目录
1. 下载
1.1 官网链接
目前官网有4个任务,第1个任务就是文本定位:
1.2 网盘链接
将官网的文件处理成能够训练的格式:
mkdir icdar2015 && cd icdar2015
mkdir imgs && mkdir annotations
# For images,
mv ch4_training_images imgs/training
mv ch4_test_images imgs/test
# For annotations,
mv ch4_training_localization_transcription_gt annotations/training
mv Challenge4_Test_Task1_GT annotations/test
python tools/data/textdet/icdar_converter.py /path/to/icdar2015 -o /path/to/icdar2015 -d icdar2015 --split-list training test
链接:https://pan.baidu.com/s/1yypel9p30ws6mWYZd14-iw
提取码:inc5
--来自百度网盘超级会员V4的分享
文件格式如下:
annotations
test
training
imgs
test
training
instances_test.json
instances_training.json
2. 文件内容介绍
imgs文件夹就是一些图片,如下。
annotations文件夹是标注文件。
2.1 gt_img_1.txt
377,117,463,117,465,130,378,130,Genaxis Theatre
493,115,519,115,519,131,493,131,[06]
374,155,409,155,409,170,374,170,###
492,151,551,151,551,170,492,170,62-03
376,198,422,198,422,212,376,212,Carpark
494,190,539,189,539,205,494,206,###
374,1,494,0,492,85,372,86,###
对应的图片:
(1)377,117,463,117,465,130,378,130,Genaxis Theatre
是上面图片上的文本标注(多边形4个顶点+文本内容):x1,y1,x2,y2,x3,y3,x4,y4,文本内容。
(2)###
#号是忽略标注。
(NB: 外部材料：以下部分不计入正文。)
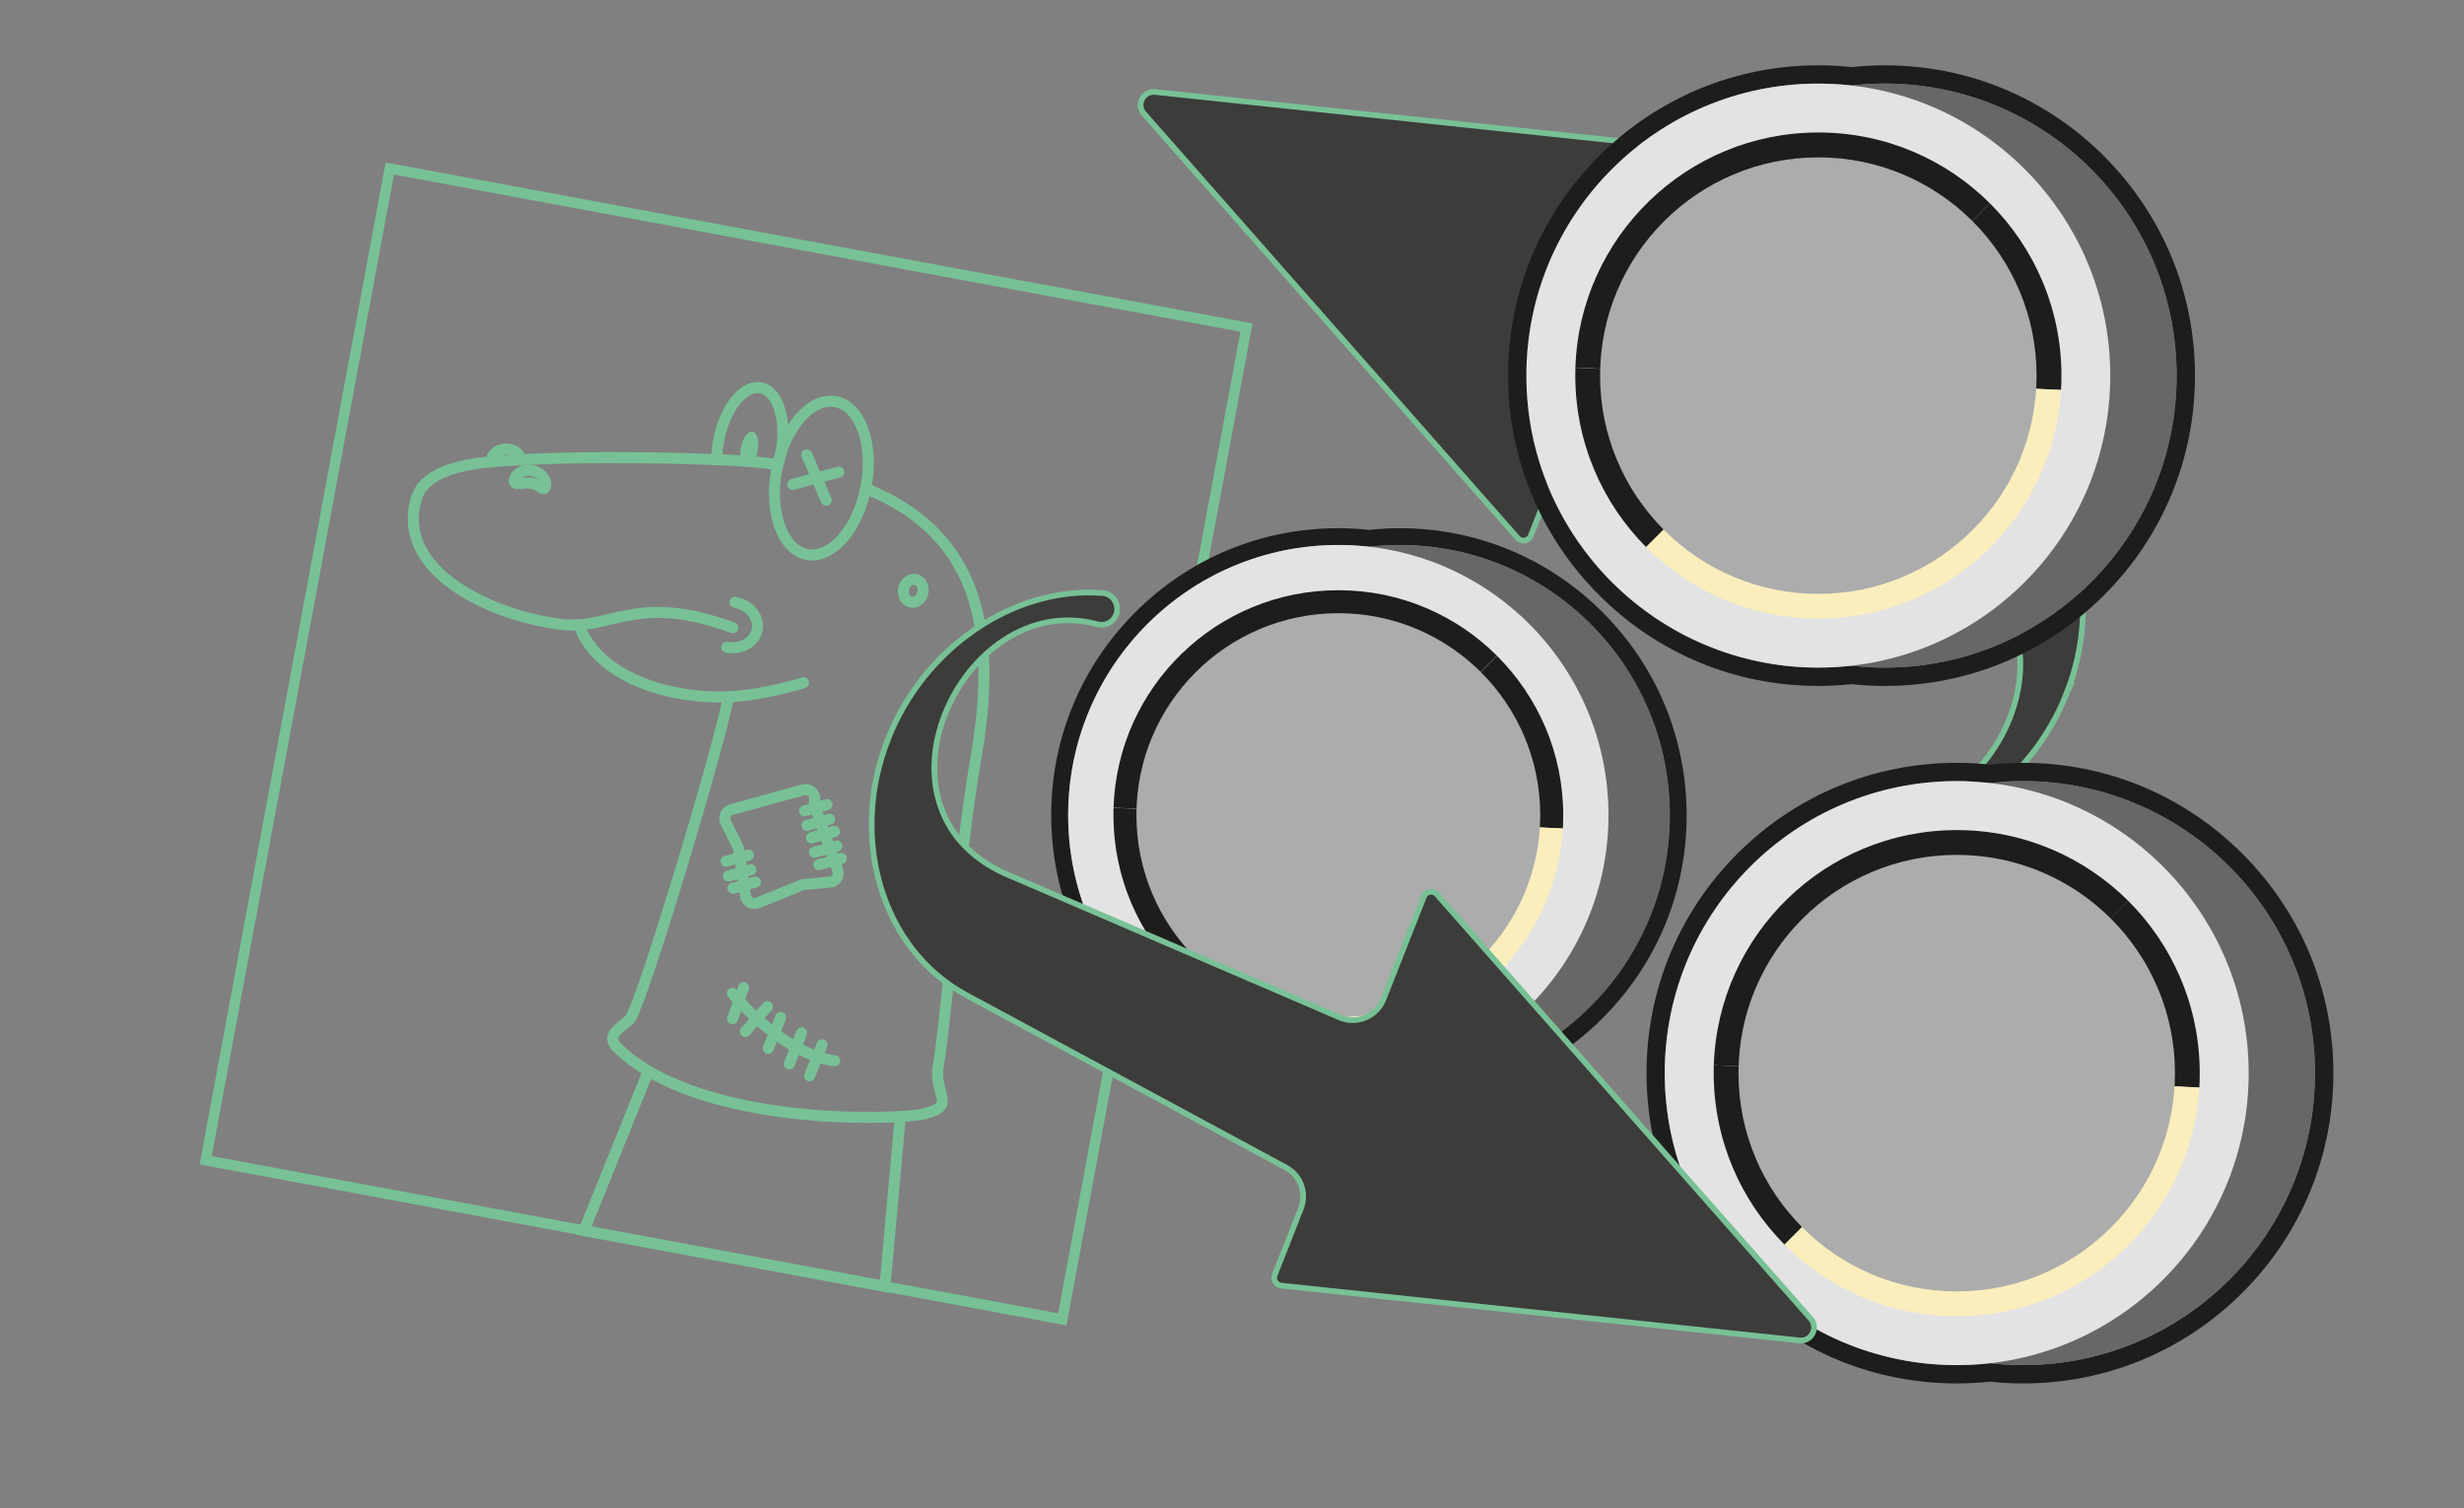 <svg width="415" height="254" viewBox="0 0 415 254" fill="none" xmlns="http://www.w3.org/2000/svg">
<rect x="0" y="0" width="415" height="254" fill="#808080" stroke="none"/>
<g clip-path="url(#clip0_87_35256)">
<g clip-path="url(#clip1_87_35256)">
<path d="M151.64 188.038L149.045 216.662L98.364 207.26L109.144 180.498" stroke="#78C196" stroke-width="1.857" stroke-miterlimit="10" stroke-linecap="round"/>
<path d="M82.781 77.676C82.736 76.595 83.797 75.684 85.152 75.629C86.506 75.574 87.639 76.396 87.685 77.477" stroke="#78C196" stroke-width="1.857" stroke-miterlimit="10" stroke-linecap="round"/>
<path d="M145.795 82.276C165.138 90.011 168.058 106.733 164.324 127.935C161.677 143.017 158.947 175.297 158.079 179.149C157.045 184.479 161.492 186.143 155.531 187.623C151.064 188.661 117.661 189.82 103.995 176.455C101.579 174.172 105.362 172.723 106.183 171.506C108.352 168.271 120.968 126.378 122.705 117.368" stroke="#78C196" stroke-width="1.857" stroke-miterlimit="10" stroke-linecap="round"/>
<path d="M123.433 105.721C107.046 99.709 102.891 106.268 94.364 105.146C81.982 103.506 66.65 95.927 70.094 84.018C71.734 78.334 81.269 77.828 86.01 77.534C95.021 76.977 108.125 76.874 122.16 77.476C125.361 77.616 127.908 77.814 130.703 78.223" stroke="#78C196" stroke-width="1.857" stroke-miterlimit="10" stroke-linecap="round"/>
<path d="M122.406 109.007C124.854 109.466 127.149 108.129 127.534 106.041C127.92 103.953 126.251 101.884 123.808 101.445" stroke="#78C196" stroke-width="1.857" stroke-miterlimit="10" stroke-linecap="round"/>
<path d="M135.33 114.98C135.33 114.98 128.851 117.067 122.688 117.359C113.99 117.779 100.955 114.691 97.468 105.243" stroke="#78C196" stroke-width="1.857" stroke-miterlimit="10" stroke-linecap="round"/>
<path d="M86.638 80.855C86.427 82.005 88.091 81.124 89.543 81.393C90.995 81.662 91.676 82.976 91.888 81.826C92.1 80.676 91.091 79.524 89.651 79.262C88.212 79 86.85 79.704 86.638 80.855V80.855Z" stroke="#78C196" stroke-width="1.857" stroke-miterlimit="10" stroke-linecap="round"/>
<path d="M152.188 99.209C152.384 98.153 153.271 97.433 154.168 97.6C155.066 97.767 155.635 98.757 155.439 99.812C155.243 100.867 154.356 101.588 153.459 101.421C152.561 101.254 151.992 100.264 152.188 99.209Z" stroke="#78C196" stroke-width="1.857" stroke-miterlimit="10" stroke-linecap="round"/>
<path d="M140.599 178.652C140.599 178.652 132.806 178.288 123.344 167.299" stroke="#78C196" stroke-width="1.857" stroke-miterlimit="10" stroke-linecap="round"/>
<path d="M136.37 181.196L138.443 175.981" stroke="#78C196" stroke-width="1.857" stroke-miterlimit="10" stroke-linecap="round"/>
<path d="M132.942 179.189L135.016 173.973" stroke="#78C196" stroke-width="1.857" stroke-miterlimit="10" stroke-linecap="round"/>
<path d="M129.397 176.571L131.471 171.356" stroke="#78C196" stroke-width="1.857" stroke-miterlimit="10" stroke-linecap="round"/>
<path d="M125.552 173.715L129.252 169.539" stroke="#78C196" stroke-width="1.857" stroke-miterlimit="10" stroke-linecap="round"/>
<path d="M122.241 138.504L124.288 142.616C124.357 142.757 124.412 142.922 124.423 143.079L125.541 150.857C125.677 151.84 126.701 152.415 127.613 152.054L135.029 149.069C135.163 149.012 135.314 148.982 135.458 148.964L139.789 148.568C140.782 148.472 141.419 147.484 141.08 146.534L137.252 135.852C137.179 135.659 137.153 135.443 137.172 135.236L137.211 134.589C137.28 133.541 136.302 132.741 135.284 133.024L123.195 136.359C122.277 136.616 121.819 137.641 122.241 138.504Z" stroke="#78C196" stroke-width="1.857" stroke-miterlimit="10" stroke-linecap="round"/>
<path d="M127.236 148.562L123.451 149.609" stroke="#78C196" stroke-width="1.857" stroke-miterlimit="10" stroke-linecap="round"/>
<path d="M126.477 146.484L122.691 147.53" stroke="#78C196" stroke-width="1.857" stroke-miterlimit="10" stroke-linecap="round"/>
<path d="M126.072 144.023L122.287 145.07" stroke="#78C196" stroke-width="1.857" stroke-miterlimit="10" stroke-linecap="round"/>
<path d="M140.459 140.062L136.674 141.109" stroke="#78C196" stroke-width="1.857" stroke-miterlimit="10" stroke-linecap="round"/>
<path d="M139.709 137.969L135.924 139.015" stroke="#78C196" stroke-width="1.857" stroke-miterlimit="10" stroke-linecap="round"/>
<path d="M139.295 135.52L135.51 136.566" stroke="#78C196" stroke-width="1.857" stroke-miterlimit="10" stroke-linecap="round"/>
<path d="M141.705 144.586L137.92 145.632" stroke="#78C196" stroke-width="1.857" stroke-miterlimit="10" stroke-linecap="round"/>
<path d="M140.953 142.496L137.168 143.542" stroke="#78C196" stroke-width="1.857" stroke-miterlimit="10" stroke-linecap="round"/>
<path d="M140.549 140.035L136.764 141.081" stroke="#78C196" stroke-width="1.857" stroke-miterlimit="10" stroke-linecap="round"/>
<path d="M123.386 171.579L125.248 166.325" stroke="#78C196" stroke-width="1.857" stroke-miterlimit="10" stroke-linecap="round"/>
<path d="M65.656 28.379L209.936 55.172L178.917 222.205L34.638 195.412L65.656 28.379Z" stroke="#78C196" stroke-width="1.748" stroke-miterlimit="10"/>
<path d="M124.754 75.538C124.43 77.26 124.968 77.922 125.759 78.061C126.55 78.199 127.284 77.769 127.601 76.06C127.918 74.351 127.541 72.828 126.751 72.689C125.96 72.551 125.066 73.809 124.742 75.531L124.754 75.538Z" fill="#78C196"/>
<path d="M130.814 79.119C132.134 72.009 136.575 66.871 140.732 67.643C144.89 68.415 147.19 74.805 145.869 81.915C144.549 89.025 140.108 94.163 135.951 93.391C131.794 92.619 129.494 86.23 130.814 79.119Z" stroke="#78C196" stroke-width="1.857" stroke-miterlimit="10" stroke-linecap="round"/>
<path d="M135.889 76.609L139.154 84.237" stroke="#78C196" stroke-width="1.857" stroke-miterlimit="10" stroke-linecap="round"/>
<path d="M141.264 79.512L133.506 81.58" stroke="#78C196" stroke-width="1.857" stroke-miterlimit="10" stroke-linecap="round"/>
<path d="M131.102 78.082C131.281 77.482 131.422 76.86 131.538 76.224C132.562 70.737 131.03 65.851 128.126 65.313C125.222 64.775 122.039 68.781 121.027 74.274C120.835 75.302 120.735 76.316 120.717 77.276" stroke="#78C196" stroke-width="1.857" stroke-miterlimit="10" stroke-linecap="round"/>
<path d="M348.116 116.679L348.033 116.862C342.076 131.997 327.075 142.51 311.958 141.375C310.156 141.242 309.005 139.389 309.655 137.704C310.139 136.453 311.491 135.752 312.792 136.102C335.602 142.276 353.622 104.03 327.059 93.568L271.995 69.889C269.126 68.654 265.788 70.039 264.637 72.96L257.829 90.214C257.462 91.131 256.261 91.348 255.593 90.597L192.671 19.145C191.336 17.627 192.554 15.274 194.557 15.491L281.84 24.718C282.708 24.818 283.258 25.703 282.941 26.52L278.536 37.701C277.502 40.32 278.586 43.291 281.056 44.626L334.901 73.677C349.368 81.487 354.54 100.376 348.099 116.695L348.116 116.679Z" fill="#3C3C3B" stroke="#78C196" stroke-width="0.96" stroke-miterlimit="10"/>
<path d="M329.561 131.547C302.396 131.547 280.387 153.557 280.387 180.723C280.387 207.889 302.396 229.915 329.561 229.915C331.446 229.915 333.315 229.798 335.134 229.598C336.969 229.798 338.838 229.915 340.723 229.915C367.888 229.915 389.896 207.905 389.896 180.739C389.896 153.573 367.888 131.547 340.723 131.547C338.838 131.547 336.969 131.664 335.15 131.864C333.315 131.664 331.446 131.547 329.561 131.547ZM329.561 128.477C331.413 128.477 333.282 128.577 335.15 128.777C337.019 128.577 338.888 128.477 340.74 128.477C354.689 128.477 367.821 133.916 377.682 143.795C387.577 153.673 393 166.789 393 180.756C393 194.706 387.56 207.839 377.699 217.7C367.838 227.562 354.706 233.002 340.74 233.002C338.888 233.002 337.019 232.902 335.15 232.702C333.282 232.902 331.413 233.002 329.561 233.002C315.595 233.002 302.479 227.562 292.618 217.684C282.757 207.805 277.317 194.689 277.317 180.723C277.317 166.773 282.757 153.64 292.618 143.778C302.479 133.916 315.611 128.477 329.561 128.477Z" fill="#1D1D1B"/>
<path d="M340.741 229.914C313.583 229.914 291.568 207.897 291.568 180.738C291.568 153.579 313.583 131.562 340.741 131.562C367.899 131.562 389.914 153.579 389.914 180.738C389.914 207.897 367.899 229.914 340.741 229.914Z" fill="#686766"/>
<path d="M329.561 229.914C302.404 229.914 280.388 207.897 280.388 180.738C280.388 153.579 302.404 131.562 329.561 131.562C356.719 131.562 378.734 153.579 378.734 180.738C378.734 207.897 356.719 229.914 329.561 229.914Z" fill="#E3E3E3"/>
<path d="M358.461 151.736C351.052 144.36 340.841 139.805 329.578 139.805C307.419 139.805 289.365 157.409 288.648 179.402L328.927 181.254L358.461 151.736Z" fill="#1D1D1B"/>
<path d="M370.425 183.157C370.476 182.356 370.492 181.555 370.492 180.737C370.492 169.407 365.887 159.144 358.445 151.719L328.911 181.238L370.409 183.157H370.425Z" fill="#1D1D1B"/>
<path d="M288.649 179.383C288.649 179.833 288.632 180.267 288.632 180.718C288.632 191.998 293.188 202.21 300.563 209.619L328.945 181.252L288.666 179.399L288.649 179.383Z" fill="#1D1D1B"/>
<path d="M328.928 181.254L300.546 209.621C307.954 217.064 318.216 221.669 329.546 221.686C351.337 221.686 369.158 204.649 370.426 183.173L328.928 181.254Z" fill="#FAEEBD"/>
<path d="M329.561 217.502C309.26 217.502 292.803 201.044 292.803 180.741C292.803 160.439 309.26 143.98 329.561 143.98C349.863 143.98 366.32 160.439 366.32 180.741C366.32 201.044 349.863 217.502 329.561 217.502Z" fill="#ACACAC"/>
<path d="M225.407 91.798C200.278 91.798 179.921 112.155 179.905 137.286C179.905 162.416 200.261 182.79 225.39 182.79C227.142 182.79 228.861 182.69 230.546 182.49C232.248 182.69 233.967 182.79 235.719 182.79C260.848 182.79 281.204 162.433 281.221 137.302C281.221 112.172 260.864 91.798 235.735 91.798C233.983 91.798 232.265 91.898 230.58 92.098C228.878 91.898 227.159 91.798 225.407 91.798ZM225.407 88.961C227.109 88.961 228.861 89.061 230.58 89.245C232.298 89.061 234.033 88.961 235.752 88.961C248.667 88.961 260.798 94 269.925 103.128C279.052 112.256 284.074 124.404 284.074 137.319C284.074 150.235 279.035 162.366 269.908 171.493C260.781 180.621 248.634 185.644 235.719 185.644C234.017 185.644 232.265 185.544 230.546 185.36C228.828 185.544 227.092 185.644 225.374 185.644C212.459 185.644 200.328 180.604 191.201 171.477C182.074 162.349 177.051 150.201 177.051 137.286C177.051 124.37 182.091 112.239 191.218 103.111C200.345 93.984 212.475 88.961 225.39 88.961H225.407Z" fill="#1D1D1B"/>
<path d="M235.752 182.791C210.622 182.791 190.25 162.417 190.25 137.286C190.25 112.154 210.622 91.781 235.752 91.781C260.882 91.781 281.254 112.154 281.254 137.286C281.254 162.417 260.882 182.791 235.752 182.791Z" fill="#686766"/>
<path d="M225.408 182.791C200.278 182.791 179.906 162.417 179.906 137.286C179.906 112.154 200.278 91.781 225.408 91.781C250.538 91.781 270.91 112.154 270.91 137.286C270.91 162.417 250.538 182.791 225.408 182.791Z" fill="#E3E3E3"/>
<path d="M252.139 110.453C245.297 103.628 235.853 99.406 225.408 99.406C204.901 99.406 188.199 115.692 187.548 136.034L224.807 137.752L252.122 110.453H252.139Z" fill="#1D1D1B"/>
<path d="M263.218 139.537C263.268 138.803 263.285 138.052 263.285 137.301C263.285 126.822 259.03 117.327 252.139 110.469L224.824 137.768L263.218 139.537Z" fill="#1D1D1B"/>
<path d="M187.548 136.051C187.548 136.468 187.531 136.868 187.531 137.286C187.531 147.715 191.753 157.159 198.561 164.018L224.824 137.77L187.565 136.051H187.548Z" fill="#1D1D1B"/>
<path d="M224.826 137.77L198.562 164.018C205.42 170.909 214.914 175.164 225.393 175.164C245.566 175.164 262.052 159.412 263.203 139.538L224.809 137.77H224.826Z" fill="#FAEEBD"/>
<path d="M225.408 171.292C206.628 171.292 191.403 156.067 191.403 137.285C191.403 118.503 206.628 103.277 225.408 103.277C244.189 103.277 259.414 118.503 259.414 137.285C259.414 156.067 244.189 171.292 225.408 171.292Z" fill="#ACACAC"/>
<path d="M149.522 124.569L149.605 124.386C155.562 109.251 170.563 98.738 185.68 99.873C187.482 100.006 188.634 101.875 187.983 103.544C187.499 104.795 186.147 105.496 184.846 105.146C162.036 98.972 144.016 137.218 170.579 147.68L225.643 171.359C228.513 172.593 231.85 171.208 233.001 168.288L239.809 151.034C240.176 150.116 241.377 149.9 242.028 150.65L304.967 222.103C306.302 223.621 305.084 225.974 303.081 225.757L215.798 216.53C214.93 216.429 214.38 215.545 214.697 214.727L219.102 203.547C220.136 200.928 219.052 197.957 216.582 196.639L162.737 167.587C148.271 159.778 143.098 140.889 149.539 124.569H149.522Z" fill="#3C3C3B" stroke="#78C196" stroke-width="0.96" stroke-miterlimit="10"/>
<path d="M306.25 14.07C279.086 14.07 257.077 36.08 257.077 63.246C257.077 90.412 279.086 112.439 306.25 112.439C308.136 112.439 310.004 112.322 311.823 112.121C313.659 112.322 315.527 112.439 317.413 112.439C344.577 112.439 366.586 90.429 366.586 63.263C366.586 36.097 344.577 14.07 317.413 14.07C315.527 14.07 313.659 14.187 311.84 14.387C310.004 14.187 308.136 14.07 306.25 14.07ZM306.25 11C308.102 11 309.971 11.1 311.84 11.3C313.725 11.1 315.594 11 317.446 11C331.396 11 344.527 16.44 354.389 26.318C364.25 36.197 369.689 49.313 369.689 63.279C369.689 77.23 364.25 90.362 354.389 100.224C344.527 110.086 331.396 115.526 317.43 115.526C315.577 115.526 313.709 115.425 311.84 115.225C309.971 115.425 308.102 115.526 306.25 115.526C292.284 115.526 279.169 110.086 269.308 100.207C259.446 90.329 254.007 77.213 254.007 63.246C254.007 49.296 259.446 36.164 269.308 26.302C279.186 16.44 292.301 11 306.25 11Z" fill="#1D1D1B"/>
<path d="M317.446 112.437C290.289 112.437 268.273 90.421 268.273 63.262C268.273 36.103 290.289 14.086 317.446 14.086C344.604 14.086 366.619 36.103 366.619 63.262C366.619 90.421 344.604 112.437 317.446 112.437Z" fill="#686766"/>
<path d="M306.249 112.437C279.091 112.437 257.076 90.421 257.076 63.262C257.076 36.103 279.091 14.086 306.249 14.086C333.406 14.086 355.422 36.103 355.422 63.262C355.422 90.421 333.406 112.437 306.249 112.437Z" fill="#E3E3E3"/>
<path d="M335.15 34.243C327.742 26.868 317.53 22.312 306.267 22.312C284.109 22.312 266.054 39.917 265.337 61.91L305.617 63.762L335.15 34.243Z" fill="#1D1D1B"/>
<path d="M347.131 65.68C347.181 64.879 347.197 64.078 347.197 63.26C347.197 51.93 342.592 41.668 335.15 34.242L305.616 63.761L347.114 65.68H347.131Z" fill="#1D1D1B"/>
<path d="M265.337 61.91C265.337 62.361 265.32 62.795 265.32 63.245C265.32 74.525 269.875 84.738 277.25 92.147L305.633 63.779L265.353 61.927L265.337 61.91Z" fill="#1D1D1B"/>
<path d="M305.633 63.762L277.251 92.129C284.659 99.571 294.921 104.177 306.251 104.194C328.042 104.194 345.863 87.156 347.131 65.681L305.633 63.762Z" fill="#FAEEBD"/>
<path d="M306.251 100.026C285.95 100.026 269.492 83.567 269.492 63.265C269.492 42.962 285.95 26.504 306.251 26.504C326.552 26.504 343.01 42.962 343.01 63.265C343.01 83.567 326.552 100.026 306.251 100.026Z" fill="#ACACAC"/>
</g>
</g>
<defs>
<clipPath id="clip0_87_35256">
<rect width="371" height="231" fill="white" transform="translate(22 11)"/>
</clipPath>
<clipPath id="clip1_87_35256">
<rect width="472" height="352" fill="white" transform="matrix(-1 0 0 1 393 11)"/>
</clipPath>
</defs>
</svg>

将会丢弃,不参与训练。
代码读取gt.txt文件,并画出多边形
import cv2
import numpy
if __name__ == '__main__':
img_path = r"E:\img_1.jpg"
gt_path = r"E:\gt_img_1.txt"
img = cv2.imread(img_path)
with open(gt_path, mode="r", encoding='utf-8-sig') as f:
gt_list = f.readlines()
for gt in gt_list:
gt = gt.split(',')
del gt[-1]
print(gt[0])
pt_list = []
for i in range(0, len(gt)-1, 2):
pt_list.append([int(gt[i]), int(gt[i+1])])
pt_array = numpy.array(pt_list)
cv2.drawContours(img, [pt_array], -1, (0, 0, 255), 3)
f.close()
cv2.namedWindow("img", cv2.WINDOW_NORMAL), cv2.imshow("img", img), cv2.waitKey()
2.2 instances_training.json
{
"images": [
# images里面存放的是字典,每个字典内容:图片路径、高、宽、对应的字符分割标注文件路径、图片id;
{"file_name": "training/img_927.jpg", "height": 720, "width": 1280, "segm_file": "training/gt_img_927.txt", "id": 0},
{"file_name": "training/img_573.jpg", "height": 720, "width": 1280, "segm_file": "training/gt_img_573.txt", "id": 1},
{"file_name": "training/img_510.jpg", "height": 720, "width": 1280, "segm_file": "training/gt_img_510.txt", "id": 2},
{"file_name": "training/img_468.jpg", "height": 720, "width": 1280, "segm_file": "training/gt_img_468.txt", "id": 3},
{"file_name": "training/img_827.jpg", "height": 720, "width": 1280, "segm_file": "training/gt_img_827.txt", "id": 4}
],
"categories": [{"id": 1, "name": "text"}], # 这个数据集只有一个类别,即文本,id设置为1.
"annotations": [
{"iscrowd": 1,
"category_id": 1,
"bbox": [216.0, 222.0, 93.0, 37.0],
"area": 2054.0,
"segmentation": [[217, 235, 304, 222, 309, 243, 216, 259]],
"image_id": 0,
"id": 0
},
# 所有图片的所有标注信息
# "iscrowd":等于1则是无用标注;默认等于0是有用标注;
# "category": 默认等于1;
# "bbox":文本区域最小外接矩形(min_x, min_y, w, h);
# "area": 多边形文本区域面积;
# "segmentation": 多边形文本区域的4个顶点坐标:[[x1, y1], [x2, y2], ...]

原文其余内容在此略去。